Besides the actual chips, every link in the supply chain must be outfitted with RFID scanners, a software infrastructure,
and data storage units. This upgrade is a costly proposition for warehouses that are using decades-old legacy systems.
Glossary of terms
"More of our customers have been leaning toward 2D bar codes because of the concern about whether it will be possible to get
RFID to work in terms of scanning a pallet and being able to read everything that is on it," says Edge Dynamics President
and CEO Henry Olson. "They are more comfortable with 2D bar codes, and the cost factor is appealing as well."
Some distributors also noted that their biotech customers are concerned about RFID and whether the radio frequency waves affect
the stability of the product.
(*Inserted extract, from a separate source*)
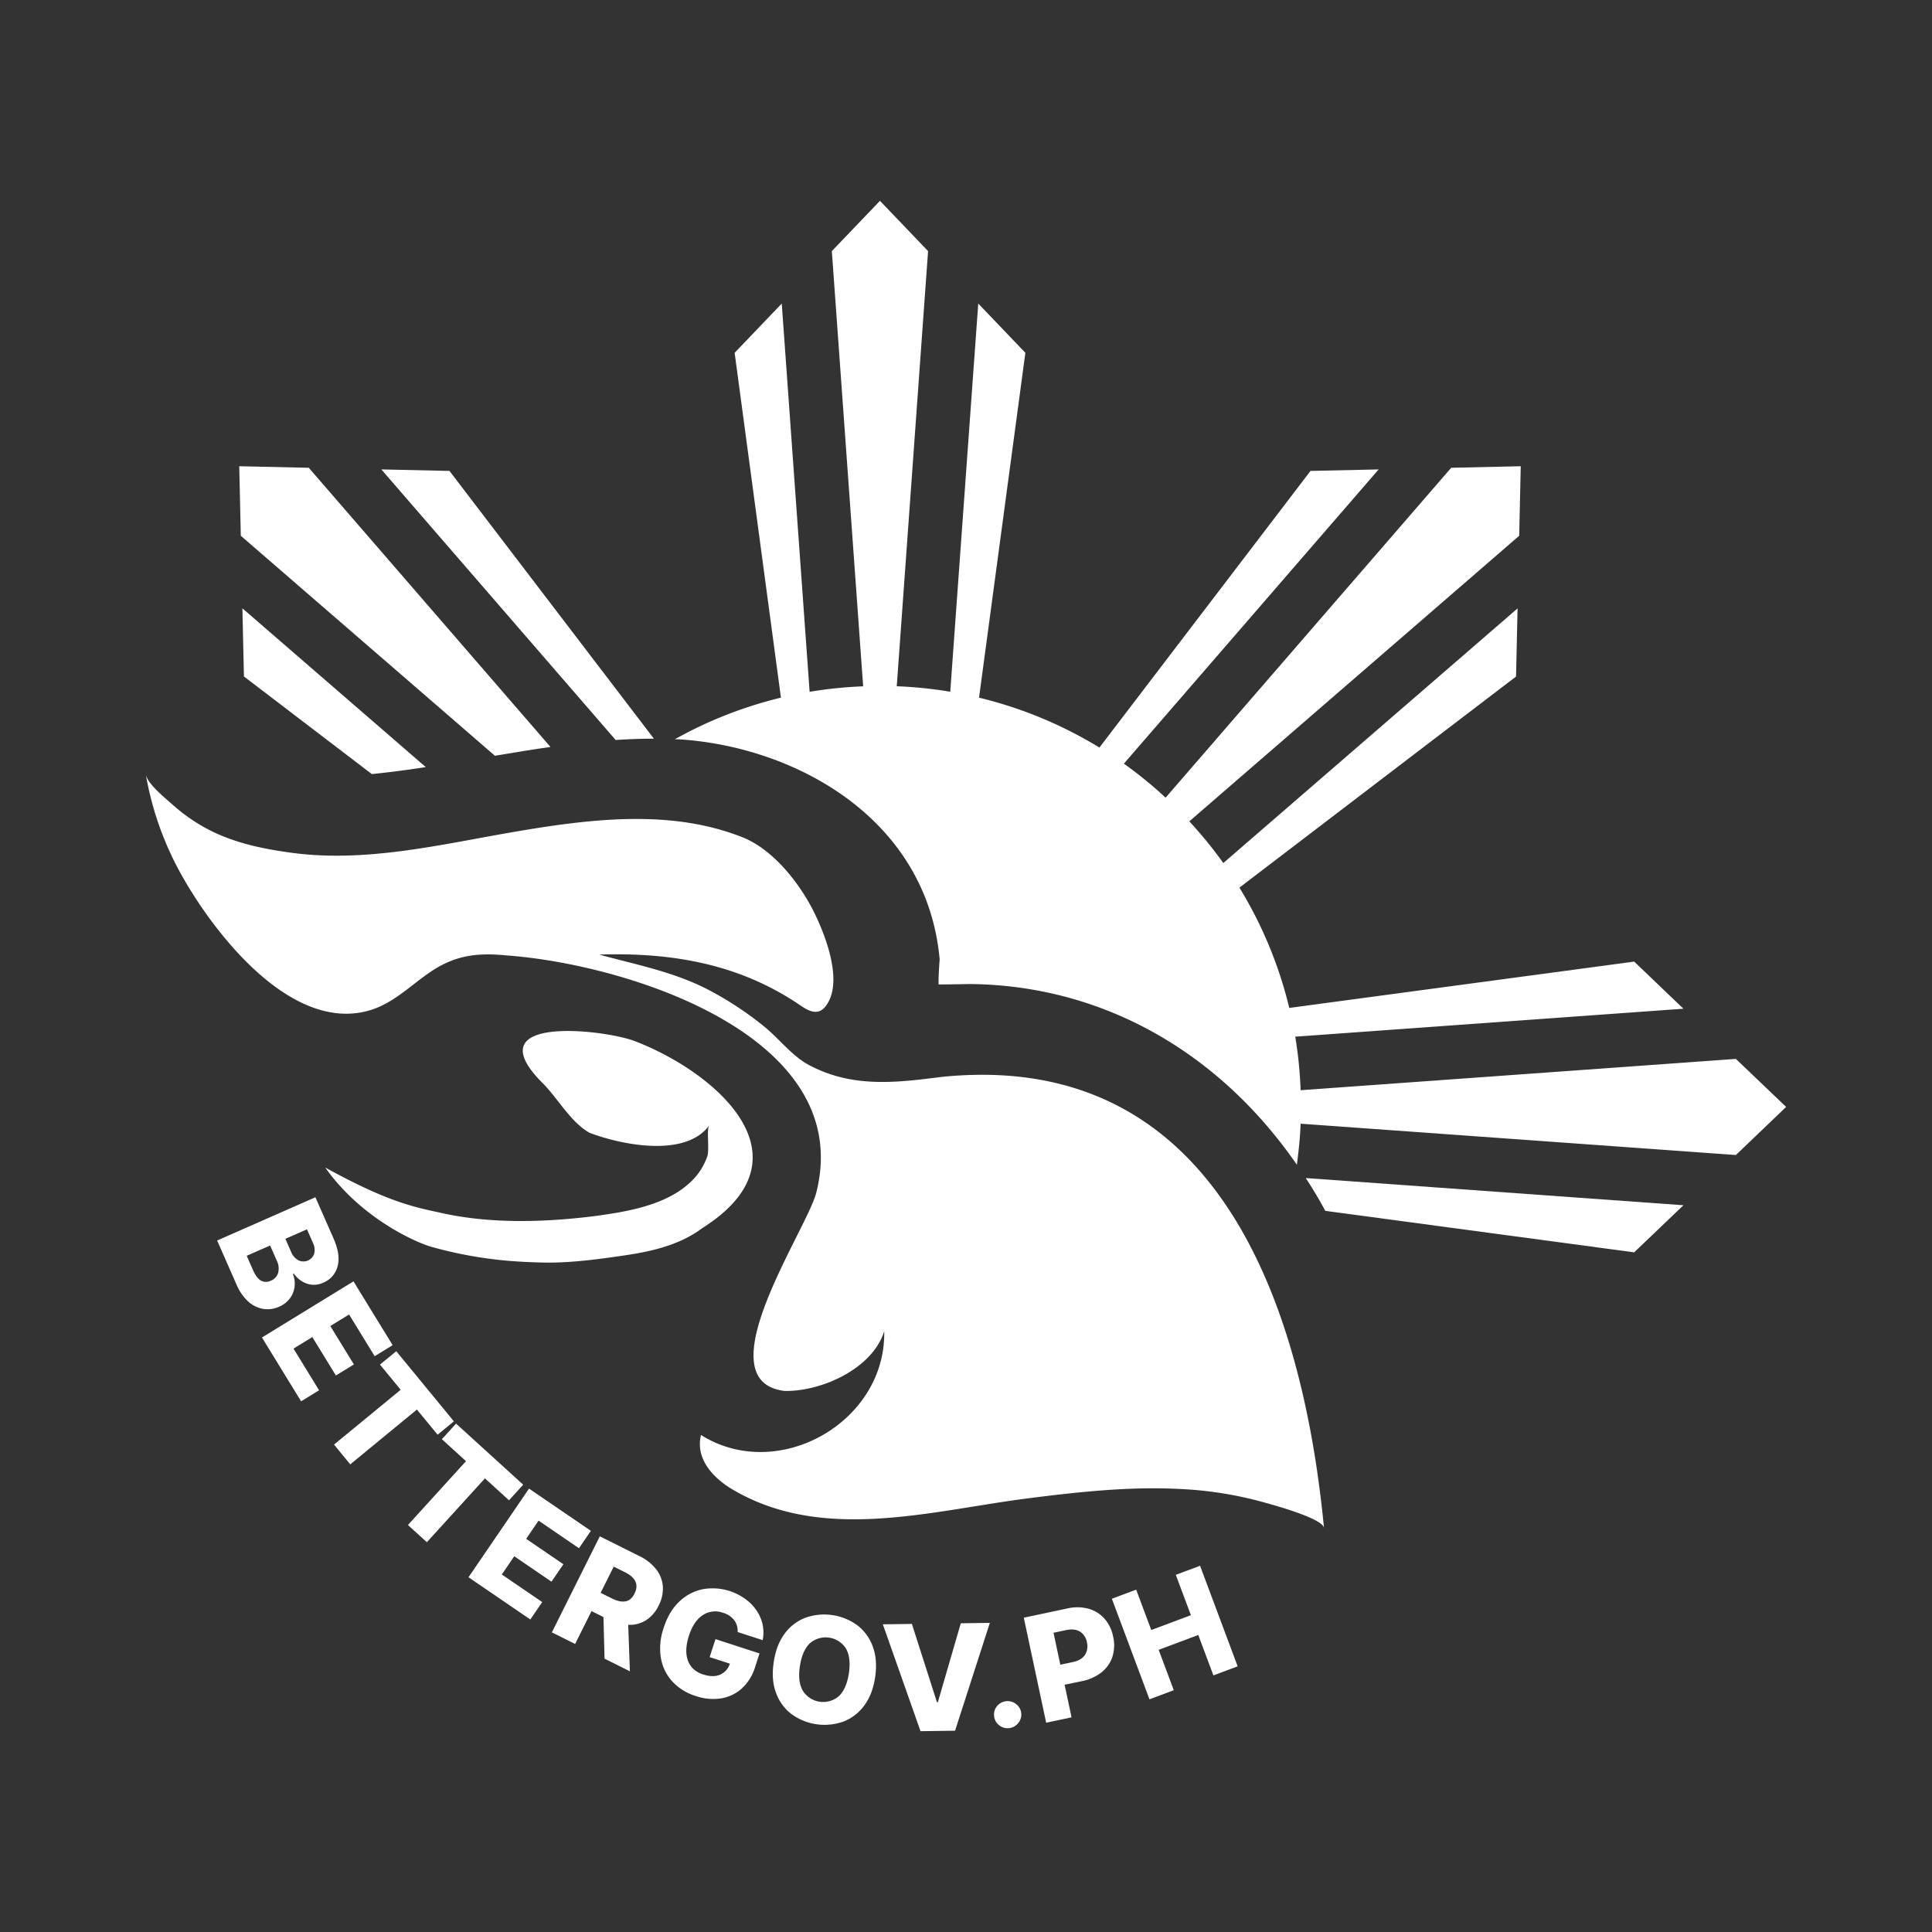 <svg id="Design" xmlns="http://www.w3.org/2000/svg" viewBox="0 0 1080 1080"><rect x="0" y="0" width="1080" height="1080" fill="#333333" stroke="none"/><defs><style>.cls-1{fill:#fff;}</style></defs><path class="cls-1" d="M156,730.46a14.41,14.41,0,0,0,6.12-4.75,13.65,13.65,0,0,0,2.56-6.55,14.35,14.35,0,0,0-.92-6.94l.53-.24a14.68,14.68,0,0,0,7.34,5.61,12.19,12.19,0,0,0,9.09-.58,13.46,13.46,0,0,0,8-9.16q1.76-6.42-2.32-15.67l-10.09-22.91-54.93,24.18,10.85,24.65a26.54,26.54,0,0,0,6.56,9.48,16.62,16.62,0,0,0,8.34,4.1A15.43,15.43,0,0,0,156,730.46Zm15.6-43.27,3.32,7.56a8.92,8.92,0,0,1,.74,6,6.38,6.38,0,0,1-8.9,3.75,9.3,9.3,0,0,1-4-4.65l-3.24-7.35Zm-30.08,23-3.61-8.2L151,696.25l3.72,8.45a9.83,9.83,0,0,1,.77,6.82,6.87,6.87,0,0,1-4.06,4.4,6,6,0,0,1-5.47,0Q143.46,714.55,141.55,710.22Z"/><polygon class="cls-1" points="174.59 747.42 187.76 768.91 197.83 762.73 184.65 741.25 195.14 734.81 209.44 758.12 219.49 751.96 197.6 716.29 146.44 747.67 168.32 783.34 178.37 777.18 164.07 753.88 174.59 747.42"/><polygon class="cls-1" points="244.62 802.01 253.72 794.53 221.51 755.34 212.41 762.82 223.98 776.9 186.72 807.53 195.8 818.58 233.06 787.95 244.62 802.01"/><polygon class="cls-1" points="284.54 838.67 292.47 829.95 254.94 795.82 247.01 804.53 260.5 816.8 228.04 852.49 238.62 862.11 271.08 826.42 284.54 838.67"/><polygon class="cls-1" points="308.28 884.17 314.94 874.42 294.13 860.21 301.07 850.05 323.65 865.47 330.3 855.74 295.73 832.14 261.89 881.7 296.45 905.3 303.09 895.57 280.51 880.15 287.47 869.96 308.28 884.17"/><path class="cls-1" d="M366.82,877.27a26.06,26.06,0,0,0-9.33-7.38L335.3,858.81l-26.81,53.7,13,6.48,9.17-18.38,6.67,3.33.62,23.27,14.16,7.07-.93-26A17,17,0,0,0,361,905.8a19.54,19.54,0,0,0,7.17-8.25,20.41,20.41,0,0,0,2.37-10.72A17.81,17.81,0,0,0,366.82,877.27Zm-12.13,13.56q-1.86,3.74-5,4.33t-7.53-1.58l-6.4-3.19,7.31-14.64,6.4,3.2Q358.4,883.42,354.69,890.83Z"/><path class="cls-1" d="M419,895.76a31.1,31.1,0,0,0-26.07-7.39,26.45,26.45,0,0,0-13.1,6.84q-5.79,5.38-8.82,14.73a34.66,34.66,0,0,0-1.6,16.7,26,26,0,0,0,6.36,13.24,29.9,29.9,0,0,0,13.2,8.21,29.6,29.6,0,0,0,14,1.33,22.64,22.64,0,0,0,11.65-5.5,26.71,26.71,0,0,0,7.5-12.09l2.45-7.55-24.61-8-3.27,10.06L408,930a9.88,9.88,0,0,1-5.48,6.16c-2.6,1.11-5.77,1.07-9.51-.15-4.27-1.38-7.1-4-8.47-7.77s-1.18-8.44.6-13.92,4.36-9.27,7.75-11.47a12.66,12.66,0,0,1,11.31-1.29,12.25,12.25,0,0,1,6.25,4.16,9.78,9.78,0,0,1,1.88,6.59l14,4.53a21.37,21.37,0,0,0-.79-11.4A24.21,24.21,0,0,0,419,895.76Z"/><path class="cls-1" d="M479.26,908.55a31.51,31.51,0,0,0-28.82-4.3,25.84,25.84,0,0,0-11.7,8.82q-4.74,6.24-6.22,16.06t1.27,17.14a25.87,25.87,0,0,0,8.61,11.88,31.4,31.4,0,0,0,28.81,4.31,26,26,0,0,0,11.73-8.82q4.79-6.25,6.25-16t-1.29-17.18A26,26,0,0,0,479.26,908.55Zm-4.74,26.85q-1.31,8.73-5.61,12.78a13.44,13.44,0,0,1-20.1-3q-3-5.14-1.65-13.86t5.63-12.78a13.45,13.45,0,0,1,20.1,3Q475.83,926.67,474.52,935.4Z"/><polygon class="cls-1" points="524.26 951.55 523.77 951.56 509.75 907.78 493.52 908 514.58 967.74 533.89 967.48 553.33 907.2 537.09 907.42 524.26 951.55"/><path class="cls-1" d="M568,952.59a7.61,7.61,0,0,0-10.65,1.15,7.07,7.07,0,0,0-1.62,5.54,7.23,7.23,0,0,0,2.77,5.13,7.55,7.55,0,0,0,10.65-1.16,7.32,7.32,0,0,0,1.72-5.61A7.21,7.21,0,0,0,568,952.59Z"/><path class="cls-1" d="M617.43,904.85a18.72,18.72,0,0,0-8.93-5.56,24.44,24.44,0,0,0-11.94-.14l-24.25,5.16L584.81,963,599,960l-3.88-18.23,9.64-2a25.88,25.88,0,0,0,11.09-5,18.48,18.48,0,0,0,6-8.65,21.08,21.08,0,0,0,.41-11.18A21.52,21.52,0,0,0,617.43,904.85ZM606.49,925.1q-2,3-6.76,4l-7,1.49-3.8-17.86,7-1.49c3.2-.68,5.79-.4,7.8.85a8.76,8.76,0,0,1,3.87,6A8.93,8.93,0,0,1,606.49,925.1Z"/><polygon class="cls-1" points="657.28 880.34 665.72 902.9 643.56 911.19 635.13 888.62 621.54 893.7 642.56 949.92 656.15 944.84 647.7 922.25 669.85 913.96 678.3 936.55 691.86 931.48 670.84 875.27 657.28 880.34"/><path class="cls-1" d="M207.86,432.72c6.24-.63,12.83-1.42,19.93-2.41,3.23-.45,6.63-.95,10.22-1.5L135.5,340.06l.86,38.09Z"/><path class="cls-1" d="M276.65,422.47c5.49-.92,11-1.86,16.47-2.72,5.11-.82,10-1.54,14.59-2.2L172.61,261.49l-38.87-.86.87,38.87Z"/><path class="cls-1" d="M736.62,669.29c1.46,2.5,2.84,5.05,4.22,7.59l172.67,23.19,27.54-26.33-211.11-15.2C732.21,662.07,734.47,665.61,736.62,669.29Z"/><path class="cls-1" d="M345.66,413.56c6.66-.42,13.23-.64,19.47-.64h.39L251.26,263.25l-38.09-.84,131,151.27Z"/><path class="cls-1" d="M970.36,591.93,727.05,609.44a232.32,232.32,0,0,0-3-29.93l217-15.63-27.54-26.34-192.8,25.9a233.39,233.39,0,0,0-27.87-67.25l154.64-118,.85-38.09L683.84,482.45a238.53,238.53,0,0,0-19-23.31L849.24,299.5l.86-38.87-38.87.86L651.59,445.89a238.32,238.32,0,0,0-23.33-19L770.67,262.41l-38.09.84-118,154.64A234.17,234.17,0,0,0,547.29,390l25.9-192.78-26.34-27.53-15.65,217a235.24,235.24,0,0,0-29.91-3.07L518.8,140.37l-26.89-28.11L465,140.37l17.51,243.29a236.12,236.12,0,0,0-29.93,3.07L437,169.69l-26.33,27.53L436.55,390a233.75,233.75,0,0,0-59.31,23.25c.6,0,1.25,0,1.86,0,64.7,3.91,137.9,43.5,146,121.24l.18,1.75-.13,1.75c-.42,5.8-.52,9.69-.49,12.31l2.34,0c2.36,0,5-.05,7.79-.1,2.3,0,4.75-.09,7.37-.12,73.29.67,138.72,37.23,182.79,101,1-7.55,1.82-15.17,2.11-22.93l243.31,17.51,28.09-26.89Z"/><path class="cls-1" d="M525.86,602.05c-25.65,3.34-49.76,6-73.52-6.63-9.51-5-16.59-14.59-25.06-21.51a189.14,189.14,0,0,0-30.83-20.38c-19.43-10.21-40.55-14.19-61.52-19.92,40.5-1.25,78.21,5.08,112.38,28.34,3.34,2.29,7.42,4.78,11.11,3.14a8.27,8.27,0,0,0,3.18-2.69c10.37-13.6-.59-40.85-7.32-54-8.12-15.69-22.46-33.77-39.45-40.45-30.24-11.9-63-11.7-96.34-7.62-12.25,1.5-24.61,3.54-37,5.73-38.71,6.87-78.33,15.93-117.84,10.73-16.27-2.14-32.93-5.55-47.53-13.29a99,99,0,0,1-19.94-13.94c-3.91-3.52-13.7-11.29-14.67-16.68a176.1,176.1,0,0,0,20.68,57.5c18.14,32,60.52,86.62,103.83,74.59,13.44-3.73,23.28-13.95,34.48-21.59,14-9.5,26.35-10.91,43-9.27,67.1,4.93,195.22,45.08,172.75,132.8C450.7,688,393.16,772,438.54,777.54c20.77.45,49.27-12.55,55.74-33.37,1.05,50.86-59.38,85.08-102.41,58-3.29,13.4,6.87,24.11,17.68,30.49,50.46,29.78,110.63,11.9,164.53,5,28.5-3.64,57.29-6.83,86-5.28a209,209,0,0,1,42.64,6.42c5.08,1.35,36.86,9.67,37.41,15.4C728,728.38,679.79,586.06,525.86,602.05Z"/><path class="cls-1" d="M354.68,581.93c-16.94-6.44-89.92-15-51.33,23.56,8.52,8.52,15.84,22.06,26.3,27.79,18.33,6.93,53.7,13.85,66.8-4.18-1.58,2.18.17,13.38-1,17.08a35.31,35.31,0,0,1-10.06,15.16c-10.88,10-26.7,14.18-40.88,16.65q-6,1-11.95,1.79c-27.82,3.51-57.87,4.42-85.2-1.59-15.45-3.41-29.46-5.67-65.55-25.53,21,29.6,52.43,42.4,59.22,44.29a232,232,0,0,0,46.66,8.12q8,.54,16,.7c15.28.31,31.15-1.88,46.28-4.12,14.94-2.22,30.28-5.88,42.58-15.1C455.83,646.51,399,598.78,354.68,581.93Z"/></svg>

FDA and manufacturers can't answer that question yet, but to be on the safe side, most manufacturers
are tagging biotech products with 2D bar codes. "We have systems set up so that we can tell if there is any difference if
RFID tags are mixed with products that have foil packaging or liquid content," Reid says. "A lot of the RFID tag manufacturers
will tell you that their tags have less effect with liquid or foils, but we have yet to collect enough data to determine that."
There is also debate on whether ultrahigh frequency (UHF) or high frequency (HF) RFID chips offer better read rates. Most
companies said that they are agnostic between the two at the item level, but are requiring UHF at the case level.
According to some experts, it is difficult to read standard UHF chips when they are near liquid or certain metals. An alternative
is the 13.56-MHz HF tags, which have a higher read rate and more features and functionality but don't have an EPC standard.